Error response format

When all candidates fail, the gateway returns an error. The response preserves the last provider’s error response when available, or returns an ngrok error message. Provider error passthrough: If the last attempt received an HTTP error response from the provider, that response (status code and body) is returned to the client. Gateway error: If the failure was due to timeouts, connection errors, or configuration issues, the gateway returns an error message:
All AI providers failed to respond successfully. The request could not be completed.
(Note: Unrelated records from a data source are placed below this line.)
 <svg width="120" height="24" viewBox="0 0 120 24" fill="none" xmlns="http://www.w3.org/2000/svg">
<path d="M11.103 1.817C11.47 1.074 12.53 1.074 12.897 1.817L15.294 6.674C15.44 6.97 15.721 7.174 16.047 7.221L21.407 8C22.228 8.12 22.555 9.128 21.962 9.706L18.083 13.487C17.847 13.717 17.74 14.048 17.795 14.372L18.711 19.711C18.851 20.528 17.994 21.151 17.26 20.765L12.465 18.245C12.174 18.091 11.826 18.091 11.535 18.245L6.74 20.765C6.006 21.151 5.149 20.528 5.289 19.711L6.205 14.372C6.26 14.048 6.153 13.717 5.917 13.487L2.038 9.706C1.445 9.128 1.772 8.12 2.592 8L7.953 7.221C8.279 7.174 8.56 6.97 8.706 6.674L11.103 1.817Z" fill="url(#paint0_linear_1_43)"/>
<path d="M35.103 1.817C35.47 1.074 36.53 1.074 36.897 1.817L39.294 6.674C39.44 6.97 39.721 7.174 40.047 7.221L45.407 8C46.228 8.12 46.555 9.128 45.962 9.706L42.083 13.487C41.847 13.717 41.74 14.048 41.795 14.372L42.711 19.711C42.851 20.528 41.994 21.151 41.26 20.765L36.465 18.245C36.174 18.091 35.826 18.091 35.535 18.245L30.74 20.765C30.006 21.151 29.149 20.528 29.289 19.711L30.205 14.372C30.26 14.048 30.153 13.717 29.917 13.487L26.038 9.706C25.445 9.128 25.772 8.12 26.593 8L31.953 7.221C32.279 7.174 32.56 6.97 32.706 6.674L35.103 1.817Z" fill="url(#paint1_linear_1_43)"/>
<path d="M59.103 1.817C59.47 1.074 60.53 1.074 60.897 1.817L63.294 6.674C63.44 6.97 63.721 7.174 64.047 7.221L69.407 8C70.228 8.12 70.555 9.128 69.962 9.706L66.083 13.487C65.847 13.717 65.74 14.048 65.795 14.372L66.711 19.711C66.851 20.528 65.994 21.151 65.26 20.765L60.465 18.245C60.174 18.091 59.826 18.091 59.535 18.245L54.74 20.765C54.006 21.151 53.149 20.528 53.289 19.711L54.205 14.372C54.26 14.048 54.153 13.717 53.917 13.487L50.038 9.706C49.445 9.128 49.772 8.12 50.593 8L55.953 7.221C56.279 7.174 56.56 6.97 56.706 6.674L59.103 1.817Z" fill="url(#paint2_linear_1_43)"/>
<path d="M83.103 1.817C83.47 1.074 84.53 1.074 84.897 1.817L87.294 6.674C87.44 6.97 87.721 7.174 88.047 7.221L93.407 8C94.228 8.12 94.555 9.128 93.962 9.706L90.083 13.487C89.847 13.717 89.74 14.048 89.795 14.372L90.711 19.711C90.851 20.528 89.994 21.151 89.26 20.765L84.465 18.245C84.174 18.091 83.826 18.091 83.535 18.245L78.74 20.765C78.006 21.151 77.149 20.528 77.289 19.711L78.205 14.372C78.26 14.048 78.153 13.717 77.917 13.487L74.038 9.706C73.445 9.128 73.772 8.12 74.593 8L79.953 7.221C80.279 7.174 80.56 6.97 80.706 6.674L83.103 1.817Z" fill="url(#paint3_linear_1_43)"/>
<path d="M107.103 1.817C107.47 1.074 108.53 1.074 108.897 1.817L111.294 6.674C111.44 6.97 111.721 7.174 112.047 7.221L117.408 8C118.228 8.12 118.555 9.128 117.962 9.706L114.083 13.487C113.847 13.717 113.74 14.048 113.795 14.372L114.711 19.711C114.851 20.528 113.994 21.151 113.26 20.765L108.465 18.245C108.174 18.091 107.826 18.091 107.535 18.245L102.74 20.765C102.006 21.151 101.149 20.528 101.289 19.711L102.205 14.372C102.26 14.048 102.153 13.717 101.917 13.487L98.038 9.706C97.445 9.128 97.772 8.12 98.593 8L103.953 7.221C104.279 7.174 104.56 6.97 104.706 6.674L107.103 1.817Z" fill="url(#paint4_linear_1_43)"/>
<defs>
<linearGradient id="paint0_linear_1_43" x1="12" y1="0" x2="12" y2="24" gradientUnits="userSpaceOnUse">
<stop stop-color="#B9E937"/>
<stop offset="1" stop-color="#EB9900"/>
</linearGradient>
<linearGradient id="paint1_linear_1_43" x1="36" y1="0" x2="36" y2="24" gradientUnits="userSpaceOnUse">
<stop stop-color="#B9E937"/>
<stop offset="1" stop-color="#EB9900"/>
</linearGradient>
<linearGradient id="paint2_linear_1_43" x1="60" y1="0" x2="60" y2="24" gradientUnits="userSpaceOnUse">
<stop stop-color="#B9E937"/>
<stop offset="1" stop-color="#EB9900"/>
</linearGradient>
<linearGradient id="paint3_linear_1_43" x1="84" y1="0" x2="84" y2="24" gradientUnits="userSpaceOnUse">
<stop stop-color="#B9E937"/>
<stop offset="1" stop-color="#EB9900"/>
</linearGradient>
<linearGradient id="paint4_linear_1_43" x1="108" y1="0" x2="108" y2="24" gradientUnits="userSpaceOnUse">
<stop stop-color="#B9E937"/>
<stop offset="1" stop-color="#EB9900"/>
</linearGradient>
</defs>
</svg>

Errors:
[429] openai/gpt-4o: 429 Too Many Requests
[500] anthropic/claude-3-5-sonnet-20241022: 500 Internal Server Error

Common error scenarios

Scenario 1: Key exhaustion

All keys for a provider hit rate limits:
1. Try openai/key-one → 429 Rate Limit
2. Try openai/key-two → 429 Rate Limit
3. Try openai/key-three → 429 Rate Limit
4. Move to next provider or return error

Scenario 2: Provider timeout

Provider times out, fallback to another:
1. Try openai → Timeout after 30s
2. Try anthropic → Success

Scenario 3: All providers fail

All configured providers and keys fail:
1. Try openai/key-one → 500 Server Error
2. Try openai/key-two → 500 Server Error
3. Try anthropic/key → 503 Service Unavailable
4. Return error to client (if on_error: "halt")

Timeout configuration

Control failover timing with timeout settings:
on_http_request:
  - type: ai-gateway
    config:
      per_request_timeout: "30s"   # Each provider attempt
      total_timeout: "5m"           # All attempts combined
  • per_request_timeout: Maximum time for a single provider attempt
  • total_timeout: Maximum time for all failover attempts
If total_timeout is reached, failover stops even if more candidates are available.

Errors that skip failover

These errors occur before the failover cascade begins and are returned immediately:
  • Invalid request body - Request JSON could not be parsed
  • No models available - No configured providers support the requested model
  • Token limit exceeded - Request exceeds max_input_tokens
  • No API key - No key configured and none provided by client
  • Configuration errors - Invalid provider or model configuration
Once the failover cascade starts, all provider errors (including 4xx) trigger the next candidate until all are exhausted.

Monitoring errors

Track errors using the error_rate metrics available in model selection strategies:
MetricDescription
error_rate.totalFraction of requests that failed (0.0 to 1.0)
error_rate.timeoutFraction of requests that timed out
error_rate.rate_limitFraction of requests that returned HTTP 429
error_rate.clientFraction of requests that returned 4xx errors
error_rate.serverFraction of requests that returned 5xx errors
Use these metrics to:
  • Filter out problematic providers in model selection
  • Identify keys hitting rate limits
  • Adjust timeout values based on timeout rates

Best practices

  1. Configure multiple keys per provider for key-level failover
  2. Specify multiple models in client requests for cross-provider failover
  3. Set appropriate timeouts based on your use case
  4. Monitor error metrics to catch issues early
  5. Use model selection strategies to order candidates by preference

Example: Comprehensive error handling

on_http_request:
  - type: ai-gateway
    config:
      per_request_timeout: "45s"
      total_timeout: "3m"
      on_error: "halt"
      
      providers:
        # Primary provider with multiple keys
        - id: "openai"
          api_keys:
            - value: ${secrets.get('openai', 'key-a')}
            - value: ${secrets.get('openai', 'key-b')}
            - value: ${secrets.get('openai', 'key-c')}
        
        # Backup provider
        - id: "anthropic"
          api_keys:
            - value: ${secrets.get('anthropic', 'primary')}
            - value: ${secrets.get('anthropic', 'backup')}
        
        # Emergency fallback
        - id: "google"
          api_keys:
            - value: ${secrets.get('google', 'key')}
This configuration provides:
  • 3 failover keys for OpenAI
  • 2 failover keys for Anthropic
  • 1 emergency key for Google
  • Up to 3 minutes for all failover attempts
  • Clear error messages on complete failure
For cross-provider failover, clients must specify models from multiple providers using the models array, or model selection strategies must return candidates from multiple providers.